Allele namedbSNP reference identifier for allele location
HLA-B*15:02 Tagged variants cannot be reliably used to detect this allele. Sequencing is the most accurate technique for allele detection.

For the major histocompatibility complex region, variations in genes such as HLA-B occur across the whole sequence of the gene, not a single locus. Therefore, the HLA-B*15:02 allele is defined by its sequence rather than single coding or protein variations. If there is strong linkage disequilibrium between one or more SNPs and a specific HLA allele, the presence of these SNPs (tag SNPs) may be used for HLA typing in some populations; however, genotyping tagged variants should not be considered diagnostic or equivalent to actual HLA testing.
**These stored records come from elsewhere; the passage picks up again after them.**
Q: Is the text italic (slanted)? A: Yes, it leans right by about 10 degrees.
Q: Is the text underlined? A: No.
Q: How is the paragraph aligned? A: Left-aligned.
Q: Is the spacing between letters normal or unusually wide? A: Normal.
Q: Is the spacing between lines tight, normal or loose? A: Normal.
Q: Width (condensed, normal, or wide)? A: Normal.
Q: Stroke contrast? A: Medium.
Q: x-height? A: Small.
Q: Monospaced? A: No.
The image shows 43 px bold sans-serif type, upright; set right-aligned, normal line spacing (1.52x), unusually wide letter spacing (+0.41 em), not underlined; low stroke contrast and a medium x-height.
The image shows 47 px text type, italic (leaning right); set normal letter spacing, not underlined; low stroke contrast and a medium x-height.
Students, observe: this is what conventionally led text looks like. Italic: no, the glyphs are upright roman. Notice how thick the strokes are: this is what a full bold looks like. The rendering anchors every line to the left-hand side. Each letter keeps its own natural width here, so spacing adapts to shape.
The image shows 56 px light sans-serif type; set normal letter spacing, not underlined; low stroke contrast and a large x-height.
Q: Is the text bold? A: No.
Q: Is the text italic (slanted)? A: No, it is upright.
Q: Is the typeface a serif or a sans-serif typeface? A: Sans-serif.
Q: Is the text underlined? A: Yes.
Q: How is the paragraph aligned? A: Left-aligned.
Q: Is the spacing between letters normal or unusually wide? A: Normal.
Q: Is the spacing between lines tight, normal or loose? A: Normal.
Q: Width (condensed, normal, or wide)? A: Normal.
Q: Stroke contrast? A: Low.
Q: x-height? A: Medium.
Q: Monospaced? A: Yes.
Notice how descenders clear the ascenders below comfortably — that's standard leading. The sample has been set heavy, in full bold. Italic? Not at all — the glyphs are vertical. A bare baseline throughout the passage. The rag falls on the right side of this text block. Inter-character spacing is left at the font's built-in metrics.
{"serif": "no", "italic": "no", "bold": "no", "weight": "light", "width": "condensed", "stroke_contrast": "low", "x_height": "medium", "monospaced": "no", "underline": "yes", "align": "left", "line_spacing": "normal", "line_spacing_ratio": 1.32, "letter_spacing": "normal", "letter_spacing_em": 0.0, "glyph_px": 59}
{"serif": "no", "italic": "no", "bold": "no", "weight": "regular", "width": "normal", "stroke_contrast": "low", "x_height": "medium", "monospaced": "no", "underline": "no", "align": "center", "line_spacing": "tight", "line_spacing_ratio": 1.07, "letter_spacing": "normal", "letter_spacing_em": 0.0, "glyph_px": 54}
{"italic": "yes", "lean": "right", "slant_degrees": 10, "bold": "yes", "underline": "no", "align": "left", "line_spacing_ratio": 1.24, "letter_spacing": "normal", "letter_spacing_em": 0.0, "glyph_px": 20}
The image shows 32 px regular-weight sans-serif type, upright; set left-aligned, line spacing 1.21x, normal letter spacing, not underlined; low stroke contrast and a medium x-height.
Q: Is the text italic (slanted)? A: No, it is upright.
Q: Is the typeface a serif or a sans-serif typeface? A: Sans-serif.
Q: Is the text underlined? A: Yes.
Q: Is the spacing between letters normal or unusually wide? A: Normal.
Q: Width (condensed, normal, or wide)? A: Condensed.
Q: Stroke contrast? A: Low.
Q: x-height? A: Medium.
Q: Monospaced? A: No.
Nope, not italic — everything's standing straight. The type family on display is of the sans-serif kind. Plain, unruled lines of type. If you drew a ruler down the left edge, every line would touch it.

For HLA-B*15:02, rs2844682 and rs3909184 were previously considered the tagged variants (47), however, these variants have shown to be less accurate in other studies (48). Other tagged variants have been suggested, however, the sensitivity and accuracy of these variants to detect the HLA-B*15:02 allele is limited (49, 50). Sequence for the full HLA-B*15:02 allele (and subtypes) can be accessed here.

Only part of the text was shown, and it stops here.